I recently read an article titled, What I Wish I Knew Before Investing In Rental Properties by Jussi Askola. Mr. Askola is the President of Leonberg Capital who has authored several academic papers on REIT investing.

A Distorted View of Real Estate Investing

The premise of his article is that real estate investing:

  • Is a lot of work
  • It’s a lot of worrying
  • It’s not passive
  • You will have sleepless nights
  • You won’t have freedom of movement

He concludes, “Sooner or later toilets get clogged, tenants will cause problems, rents will get unpaid, you need a lawyer and roofs will leak… If your goal is financial freedom, investing in rental properties will most often be a mistake.”

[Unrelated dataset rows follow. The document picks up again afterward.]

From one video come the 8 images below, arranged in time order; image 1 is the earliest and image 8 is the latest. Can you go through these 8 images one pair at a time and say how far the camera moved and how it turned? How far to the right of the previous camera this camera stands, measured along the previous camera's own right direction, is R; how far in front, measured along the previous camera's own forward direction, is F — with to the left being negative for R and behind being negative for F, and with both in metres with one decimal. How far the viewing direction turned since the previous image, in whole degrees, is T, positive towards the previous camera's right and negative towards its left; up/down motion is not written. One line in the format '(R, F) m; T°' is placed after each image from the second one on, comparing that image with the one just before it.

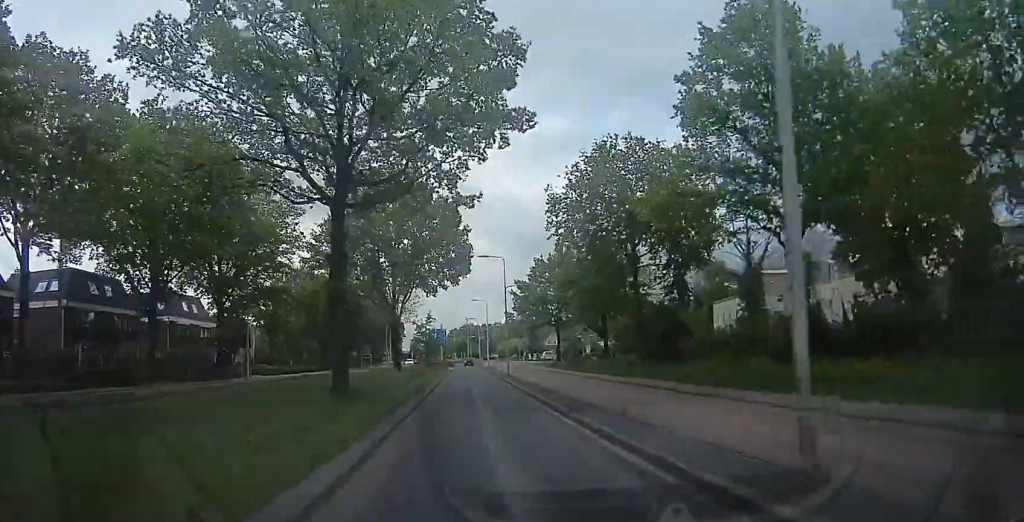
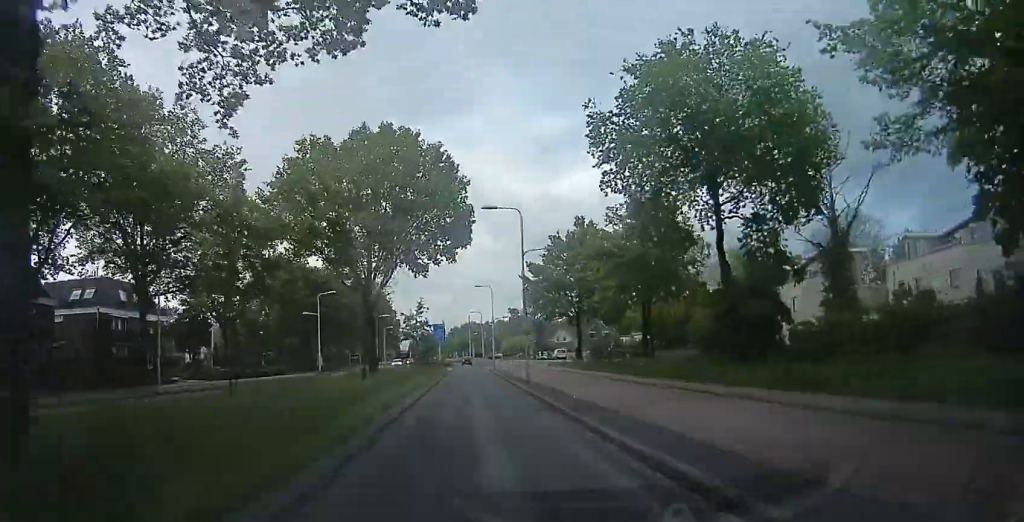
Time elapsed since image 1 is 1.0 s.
(0.0, +12.2) m; 0°
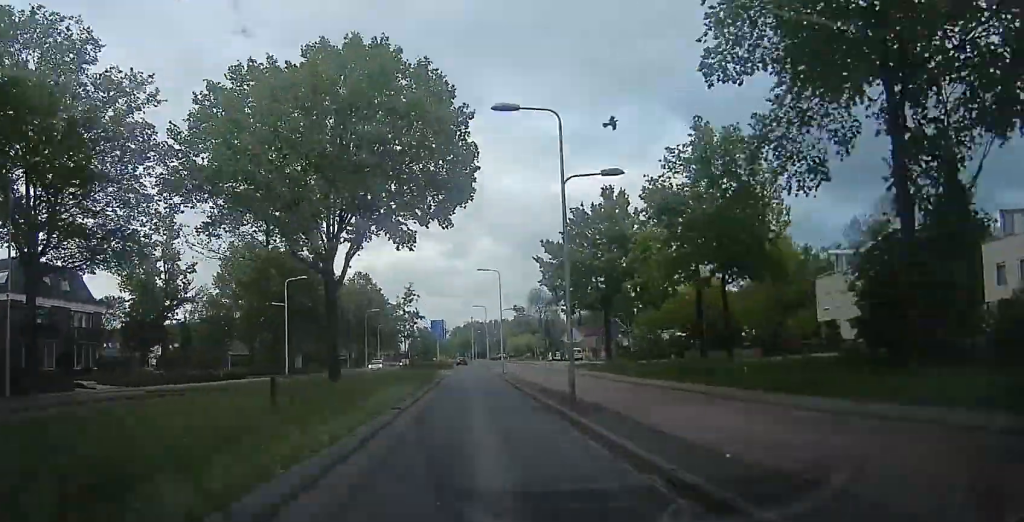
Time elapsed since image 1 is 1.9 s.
(0.0, +10.9) m; 0°
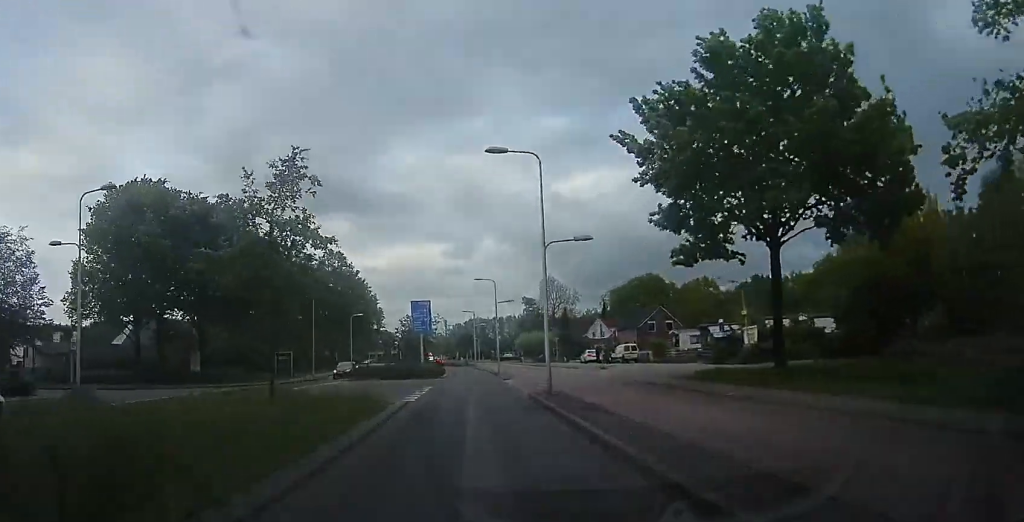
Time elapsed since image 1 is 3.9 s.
(0.0, +26.4) m; 0°
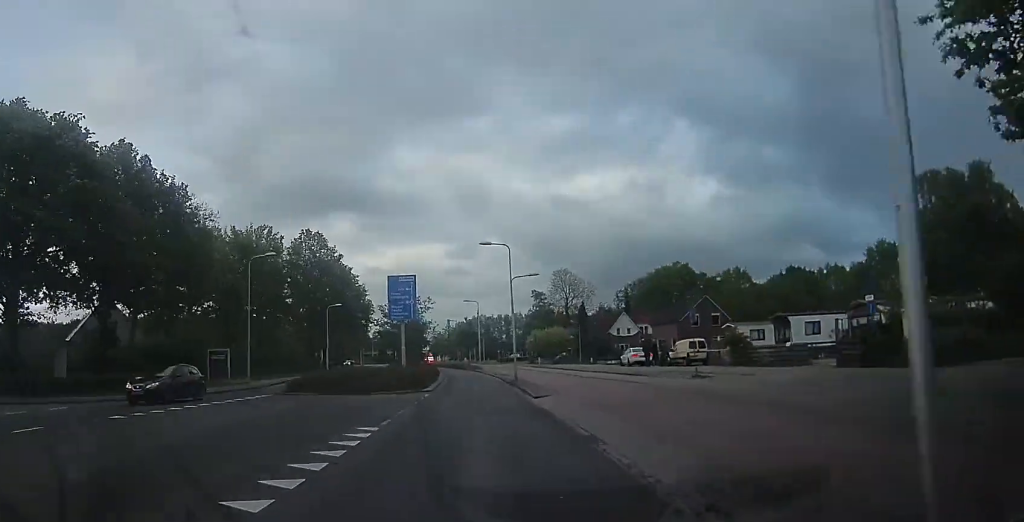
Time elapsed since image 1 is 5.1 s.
(0.0, +15.7) m; -2°
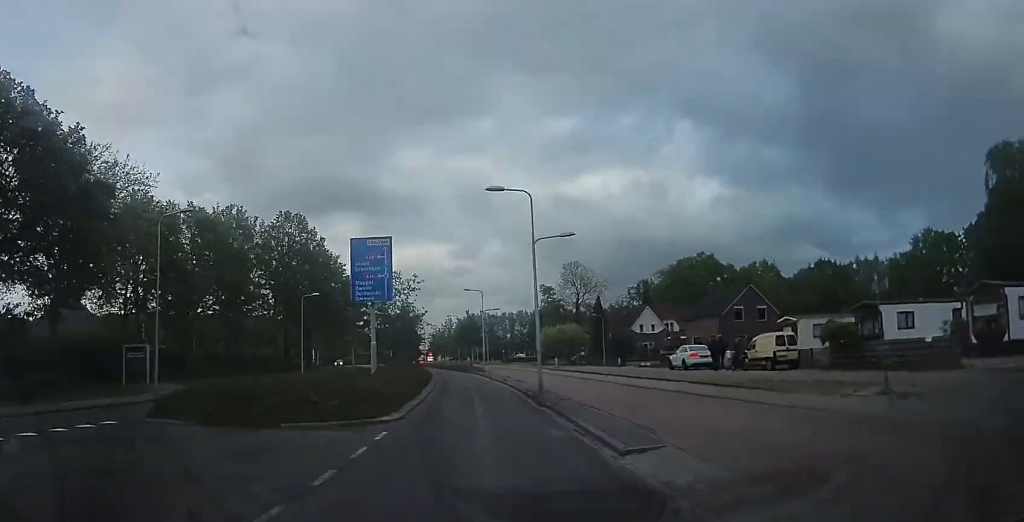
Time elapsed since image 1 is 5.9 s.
(-0.3, +11.4) m; -1°
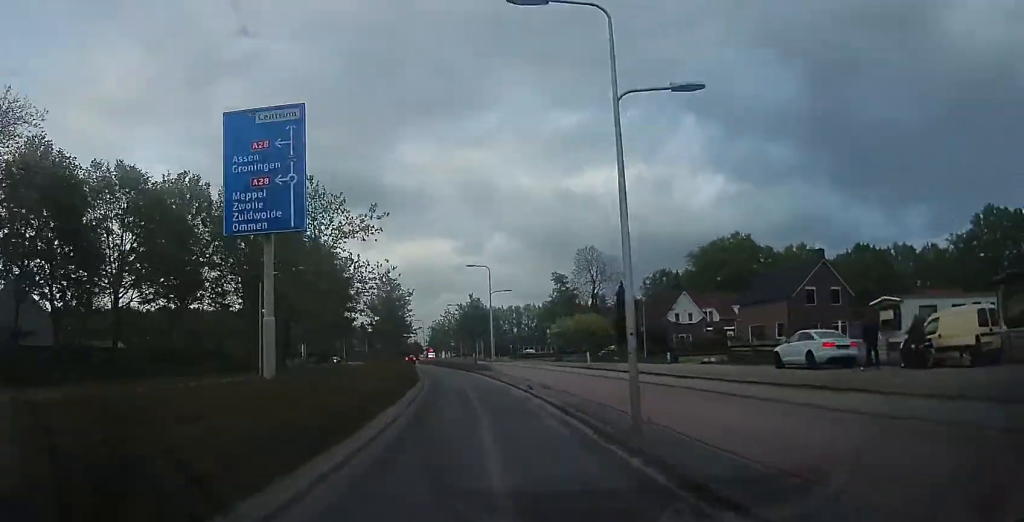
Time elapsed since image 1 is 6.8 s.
(-0.1, +12.9) m; +2°
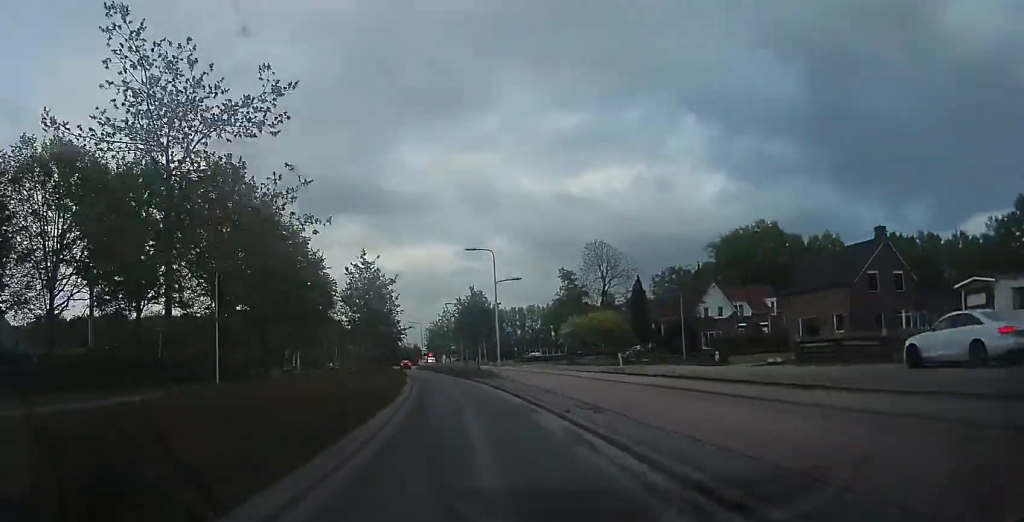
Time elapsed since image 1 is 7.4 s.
(+0.1, +8.3) m; +2°

Wow. What a distorted view of real estate investing. And I suppose if you invest in single family homes or small plexes and self-manage your properties there is some truth to his opinion.

Mr. Askola then devotes the rest of his article espousing the benefits of Real Estate Investment Trusts better known as REITs. Essentially, REITs are corporations that own and manage a portfolio of real estate properties and mortgages. Anyone can buy shares in a publicly traded REIT.

Let me make my position perfectly clear, I’m not trashing REITs as an investment vehicle. I do believe that there is a legitimate place for REITs in an investor’s investment portfolio along with mutual funds, stocks, bonds and precious metals. But I am annoyed with Mr. Askola’s skewed view of real estate investing.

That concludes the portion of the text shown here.